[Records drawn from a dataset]

•••

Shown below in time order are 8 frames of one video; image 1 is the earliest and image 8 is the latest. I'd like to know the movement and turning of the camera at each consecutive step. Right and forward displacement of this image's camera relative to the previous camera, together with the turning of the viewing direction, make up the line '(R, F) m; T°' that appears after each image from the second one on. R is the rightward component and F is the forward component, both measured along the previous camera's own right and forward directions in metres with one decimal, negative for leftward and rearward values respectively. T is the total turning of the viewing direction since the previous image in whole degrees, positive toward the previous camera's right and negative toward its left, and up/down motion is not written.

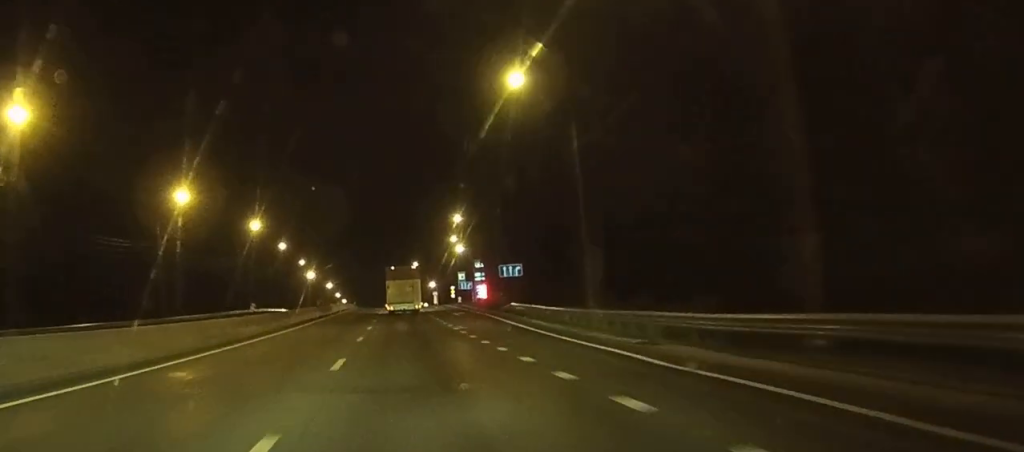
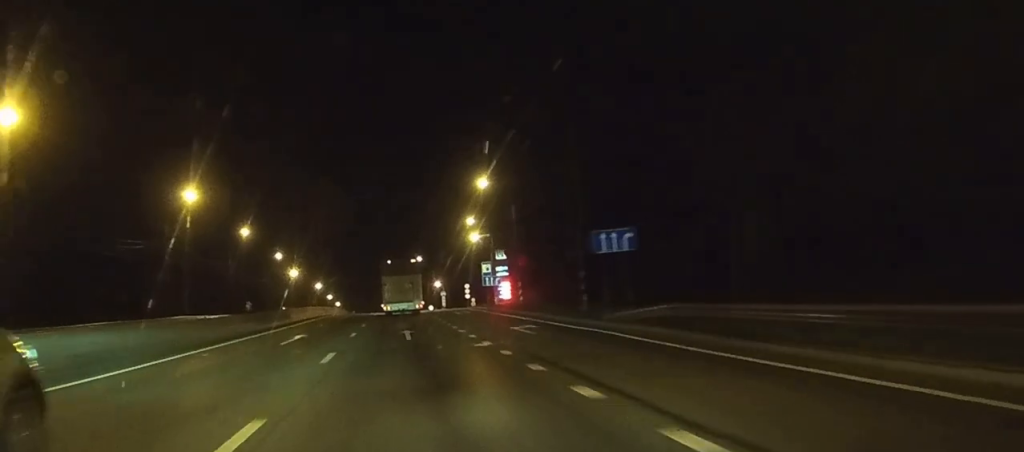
(-0.2, +34.0) m; -1°
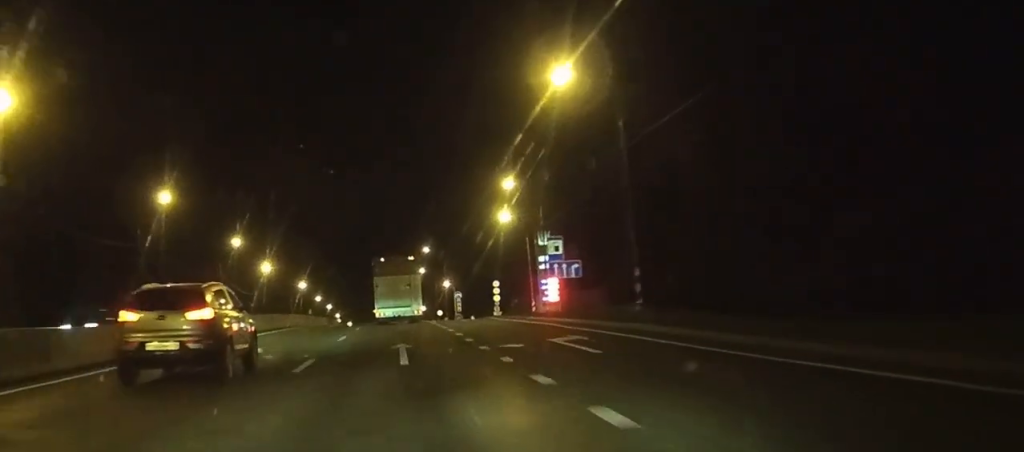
(-0.1, +37.3) m; 0°
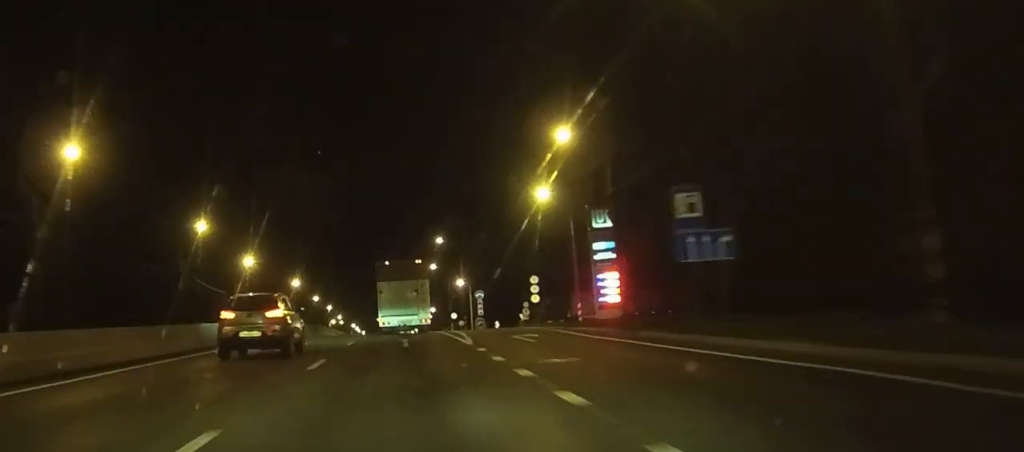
(0.0, +22.2) m; 0°
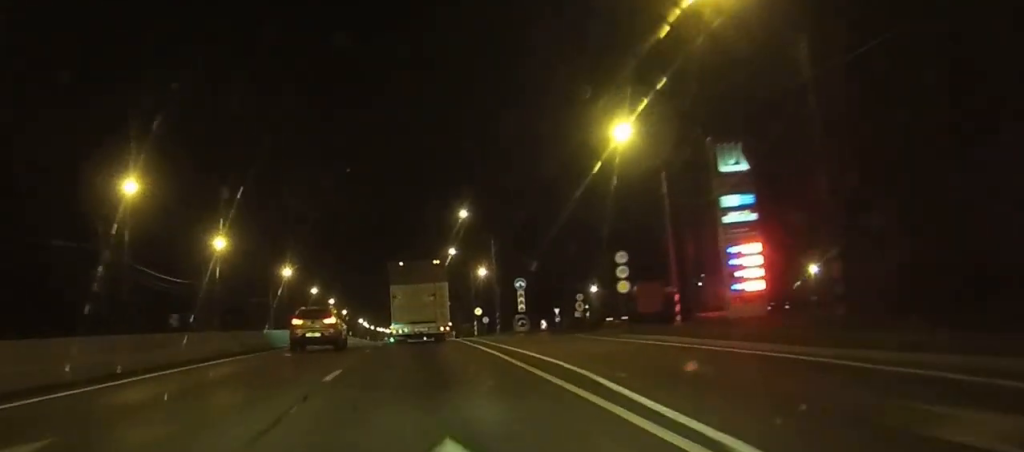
(0.0, +25.5) m; 0°
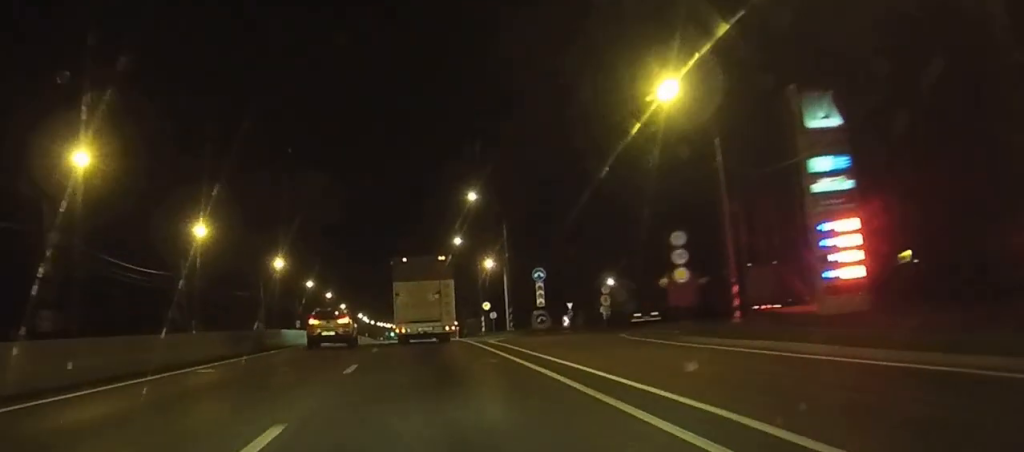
(0.0, +9.4) m; 0°
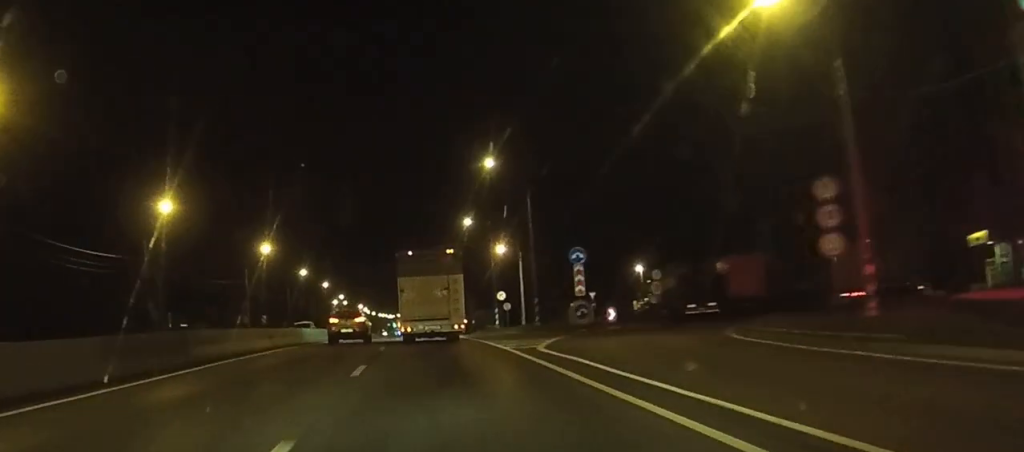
(-0.1, +13.1) m; 0°
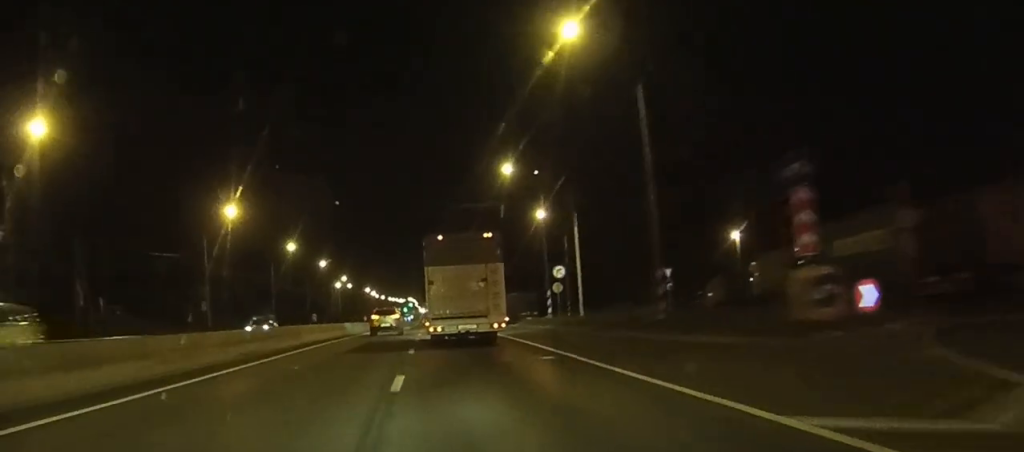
(-0.1, +27.1) m; -1°

•••

DIRECTIONS FOR THIS TASK: What you return must match the records above exactly, minus any images.

YOUR RESPONSE:
Shown below in time order are 8 frames of one video; image 1 is the earliest and image 8 is the latest. I'd like to know the movement and turning of the camera at each consecutive step. Right and forward displacement of this image's camera relative to the previous camera, together with the turning of the viewing direction, make up the line '(R, F) m; T°' that appears after each image from the second one on. R is the rightward component and F is the forward component, both measured along the previous camera's own right and forward directions in metres with one decimal, negative for leftward and rearward values respectively. T is the total turning of the viewing direction since the previous image in whole degrees, positive toward the previous camera's right and negative toward its left, and up/down motion is not written.

(-0.2, +34.0) m; -1°
(-0.1, +37.3) m; 0°
(0.0, +22.2) m; 0°
(0.0, +25.5) m; 0°
(0.0, +9.4) m; 0°
(-0.1, +13.1) m; 0°
(-0.1, +27.1) m; -1°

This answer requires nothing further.